The Thai government has acknowledged the severity of the situation and has put forth measures to combat the issue. These include ambitious goals like reducing areas prone to repeated burning by 50% and decreasing average PM2.5 particulate matter by 40%. Such measures signal a recognition of the need to address the root causes of air pollution. However, their effectiveness will largely depend on how well these policies are implemented and enforced​​.

The complexity of the smog problem in Bangkok is intensified by several factors. Vehicle emissions and industrial pollution contribute significantly to the air quality problem. Additionally, transboundary haze from neighboring countries adds to the complexity. The data linking high PM2.5 levels to agricultural burning becomes particularly evident when large-scale burning occurs in provinces surrounding Bangkok​​.

The administration of PM Srettha Thavisin has shown initial steps towards addressing the smog crisis. One notable initiative is the plan to impose taxes on companies importing farm produce from regions known for agricultural burning. This approach indicates a willingness to hold corporations accountable for their role in the pollution crisis. Additionally, the government is collaborating with the private sector on pollution control efforts, such as minimizing dust from construction projects, indicating a comprehensive strategy to tackle air pollution​​.

Yet, the challenge is formidable. Economic pressures and contract farming schemes drive many farmers to continue burning as a cost-effective method. This situation is exacerbated by national agricultural policies that have historically promoted the expansion of industries like sugarcane and rice. A lack of comprehensive data and the multifaceted nature of pollution sources further complicate efforts to fully address the problem​​​​.

In recent months, the levels of PM2.5 in Bangkok have frequently exceeded healthy limits, prompting urgent action from the government. Districts across the city have recorded unhealthy air quality levels, with certain areas reaching PM2.5 concentrations as high as 105.1 micrograms per cubic meter (μg/m3).
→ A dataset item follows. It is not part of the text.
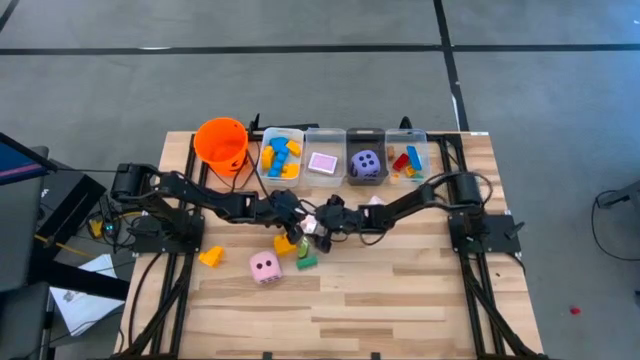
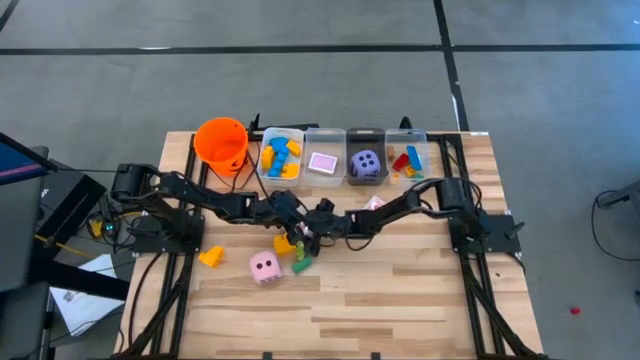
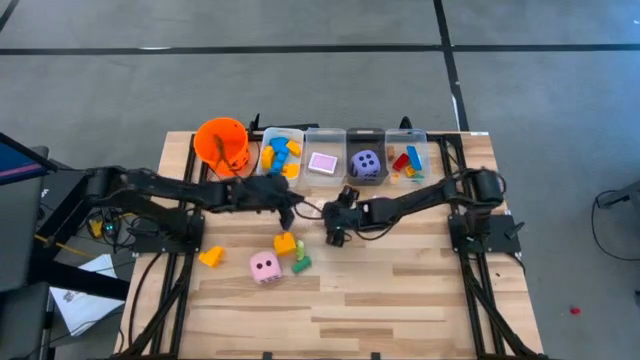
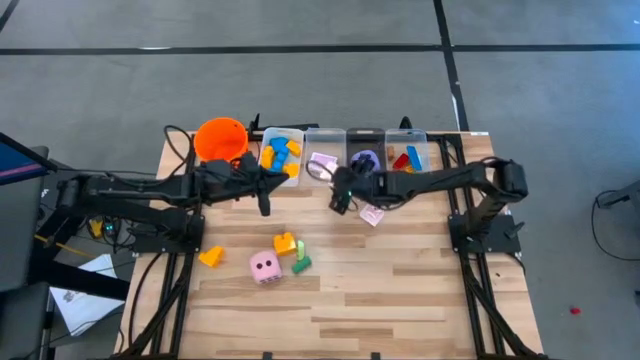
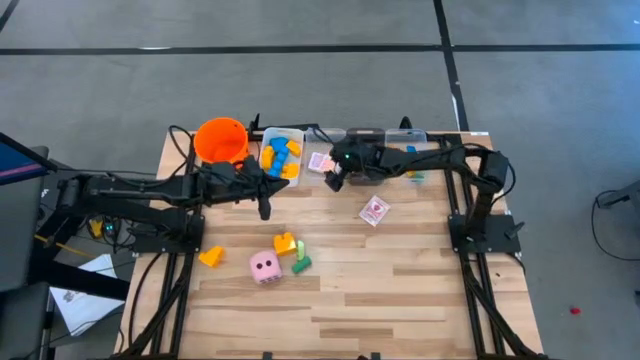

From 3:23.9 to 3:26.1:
Put the orange deck of cards into the left transparent bin

The Thai government has recognized this as a critical issue and has been actively discussing control measures. Notably, the state has launched a wildfire prevention campaign and is continuing to manage pollution in various ways. This includes a proposal to collect taxes from companies importing agricultural produce from areas known for burning practices, using the revenue to support anti-wildfire projects and farmers who adopt non-burning practices​​.

The problem of PM2.5 in Bangkok is not just an environmental issue; it has significant implications for public health and the tourism industry. Road traffic has also been identified as a cause of rising PM2.5 levels. In response, the government is considering measures to encourage the use of electric vehicles. The Bangkok Metropolitan Administration (BMA) is collaborating with various agencies on pollution control. This includes offering discounts on oil changes for older vehicles and working with the Department of Land Transport to monitor vehicle emissions​​.

The health impacts of PM2.5 pollution are profound and far-reaching. Studies have shown a correlation between high levels of air pollution and increased rates of diseases such as asthma, respiratory infections, and even lung cancer. The World Health Organization (WHO) has classified outdoor air pollution and particulate matter in polluted air as carcinogenic. Recently, there was a shocking case of a young doctor in Chiang Mai, a region notorious for severe air pollution, being diagnosed with terminal-stage lung cancer, despite having a healthy lifestyle. This case has brought to the forefront the serious health risks associated with PM2.5 pollution. WHO has set stringent safe limits for average levels of PM2.5, and Thailand is moving towards tightening its standards in line with global trends​​.

Despite these efforts, the challenge of tackling PM2.5 pollution in Bangkok remains daunting.